◆ REQUIRED WORK ◆
What you return should match the data below exactly, line for line.

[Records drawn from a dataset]
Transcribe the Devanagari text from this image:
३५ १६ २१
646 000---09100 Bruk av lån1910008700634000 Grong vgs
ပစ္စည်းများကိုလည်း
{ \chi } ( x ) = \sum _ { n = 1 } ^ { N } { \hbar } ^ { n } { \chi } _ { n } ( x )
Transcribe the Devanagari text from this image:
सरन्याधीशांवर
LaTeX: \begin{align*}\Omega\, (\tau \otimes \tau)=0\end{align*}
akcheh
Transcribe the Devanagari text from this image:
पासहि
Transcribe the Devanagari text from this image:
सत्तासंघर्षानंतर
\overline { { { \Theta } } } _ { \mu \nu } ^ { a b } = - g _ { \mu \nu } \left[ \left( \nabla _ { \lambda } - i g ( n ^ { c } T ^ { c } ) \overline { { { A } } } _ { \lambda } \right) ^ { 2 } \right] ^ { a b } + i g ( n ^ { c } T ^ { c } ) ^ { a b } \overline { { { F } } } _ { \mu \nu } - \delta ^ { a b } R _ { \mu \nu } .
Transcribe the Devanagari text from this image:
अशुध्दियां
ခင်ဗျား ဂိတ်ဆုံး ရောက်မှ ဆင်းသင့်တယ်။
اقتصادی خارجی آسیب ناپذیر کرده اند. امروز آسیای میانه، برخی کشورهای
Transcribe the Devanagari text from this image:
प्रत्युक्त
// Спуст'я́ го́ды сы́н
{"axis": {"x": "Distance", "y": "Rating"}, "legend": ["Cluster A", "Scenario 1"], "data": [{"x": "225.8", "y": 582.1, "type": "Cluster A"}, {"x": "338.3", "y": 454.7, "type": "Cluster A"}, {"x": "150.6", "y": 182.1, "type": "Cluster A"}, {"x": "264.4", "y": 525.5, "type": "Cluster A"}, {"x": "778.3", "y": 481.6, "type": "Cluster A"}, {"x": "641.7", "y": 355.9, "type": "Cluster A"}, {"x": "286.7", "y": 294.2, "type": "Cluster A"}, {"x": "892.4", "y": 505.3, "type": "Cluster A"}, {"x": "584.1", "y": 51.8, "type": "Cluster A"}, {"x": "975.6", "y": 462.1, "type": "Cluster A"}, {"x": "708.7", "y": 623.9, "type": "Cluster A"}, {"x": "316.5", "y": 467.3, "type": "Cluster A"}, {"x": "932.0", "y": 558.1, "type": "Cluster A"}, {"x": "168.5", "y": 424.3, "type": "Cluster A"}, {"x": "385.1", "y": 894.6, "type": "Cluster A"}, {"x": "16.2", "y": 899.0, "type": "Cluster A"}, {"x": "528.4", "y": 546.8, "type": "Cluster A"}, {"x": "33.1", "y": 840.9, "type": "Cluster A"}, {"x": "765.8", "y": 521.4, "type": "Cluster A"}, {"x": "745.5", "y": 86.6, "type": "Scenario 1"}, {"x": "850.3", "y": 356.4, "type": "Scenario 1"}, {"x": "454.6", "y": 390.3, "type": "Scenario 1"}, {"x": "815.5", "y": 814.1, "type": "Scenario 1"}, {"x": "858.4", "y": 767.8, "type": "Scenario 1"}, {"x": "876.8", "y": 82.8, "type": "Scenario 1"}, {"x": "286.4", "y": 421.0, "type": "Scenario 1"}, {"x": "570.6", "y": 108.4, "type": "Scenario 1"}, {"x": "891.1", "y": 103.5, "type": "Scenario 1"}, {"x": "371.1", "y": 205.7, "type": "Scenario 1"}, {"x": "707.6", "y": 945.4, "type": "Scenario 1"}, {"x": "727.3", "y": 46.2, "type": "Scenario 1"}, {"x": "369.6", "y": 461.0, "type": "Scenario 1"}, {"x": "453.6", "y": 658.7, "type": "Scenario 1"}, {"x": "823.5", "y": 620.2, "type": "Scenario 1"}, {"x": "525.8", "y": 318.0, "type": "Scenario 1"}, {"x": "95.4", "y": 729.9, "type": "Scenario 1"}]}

◆ EXPECTED ANSWER ◆
Transcribe the Devanagari text from this image:
३५ १६ २१
646 000---09100 Bruk av lån1910008700634000 Grong vgs
ပစ္စည်းများကိုလည်း
{ \chi } ( x ) = \sum _ { n = 1 } ^ { N } { \hbar } ^ { n } { \chi } _ { n } ( x )
Transcribe the Devanagari text from this image:
सरन्याधीशांवर
LaTeX: \begin{align*}\Omega\, (\tau \otimes \tau)=0\end{align*}
akcheh
Transcribe the Devanagari text from this image:
पासहि
Transcribe the Devanagari text from this image:
सत्तासंघर्षानंतर
\overline { { { \Theta } } } _ { \mu \nu } ^ { a b } = - g _ { \mu \nu } \left[ \left( \nabla _ { \lambda } - i g ( n ^ { c } T ^ { c } ) \overline { { { A } } } _ { \lambda } \right) ^ { 2 } \right] ^ { a b } + i g ( n ^ { c } T ^ { c } ) ^ { a b } \overline { { { F } } } _ { \mu \nu } - \delta ^ { a b } R _ { \mu \nu } .
Transcribe the Devanagari text from this image:
अशुध्दियां
ခင်ဗျား ဂိတ်ဆုံး ရောက်မှ ဆင်းသင့်တယ်။
اقتصادی خارجی آسیب ناپذیر کرده اند. امروز آسیای میانه، برخی کشورهای
Transcribe the Devanagari text from this image:
प्रत्युक्त
// Спуст'я́ го́ды сы́н
{"axis": {"x": "Distance", "y": "Rating"}, "legend": ["Cluster A", "Scenario 1"], "data": [{"x": "225.8", "y": 582.1, "type": "Cluster A"}, {"x": "338.3", "y": 454.7, "type": "Cluster A"}, {"x": "150.6", "y": 182.1, "type": "Cluster A"}, {"x": "264.4", "y": 525.5, "type": "Cluster A"}, {"x": "778.3", "y": 481.6, "type": "Cluster A"}, {"x": "641.7", "y": 355.9, "type": "Cluster A"}, {"x": "286.7", "y": 294.2, "type": "Cluster A"}, {"x": "892.4", "y": 505.3, "type": "Cluster A"}, {"x": "584.1", "y": 51.8, "type": "Cluster A"}, {"x": "975.6", "y": 462.1, "type": "Cluster A"}, {"x": "708.7", "y": 623.9, "type": "Cluster A"}, {"x": "316.5", "y": 467.3, "type": "Cluster A"}, {"x": "932.0", "y": 558.1, "type": "Cluster A"}, {"x": "168.5", "y": 424.3, "type": "Cluster A"}, {"x": "385.1", "y": 894.6, "type": "Cluster A"}, {"x": "16.2", "y": 899.0, "type": "Cluster A"}, {"x": "528.4", "y": 546.8, "type": "Cluster A"}, {"x": "33.1", "y": 840.9, "type": "Cluster A"}, {"x": "765.8", "y": 521.4, "type": "Cluster A"}, {"x": "745.5", "y": 86.6, "type": "Scenario 1"}, {"x": "850.3", "y": 356.4, "type": "Scenario 1"}, {"x": "454.6", "y": 390.3, "type": "Scenario 1"}, {"x": "815.5", "y": 814.1, "type": "Scenario 1"}, {"x": "858.4", "y": 767.8, "type": "Scenario 1"}, {"x": "876.8", "y": 82.8, "type": "Scenario 1"}, {"x": "286.4", "y": 421.0, "type": "Scenario 1"}, {"x": "570.6", "y": 108.4, "type": "Scenario 1"}, {"x": "891.1", "y": 103.5, "type": "Scenario 1"}, {"x": "371.1", "y": 205.7, "type": "Scenario 1"}, {"x": "707.6", "y": 945.4, "type": "Scenario 1"}, {"x": "727.3", "y": 46.2, "type": "Scenario 1"}, {"x": "369.6", "y": 461.0, "type": "Scenario 1"}, {"x": "453.6", "y": 658.7, "type": "Scenario 1"}, {"x": "823.5", "y": 620.2, "type": "Scenario 1"}, {"x": "525.8", "y": 318.0, "type": "Scenario 1"}, {"x": "95.4", "y": 729.9, "type": "Scenario 1"}]}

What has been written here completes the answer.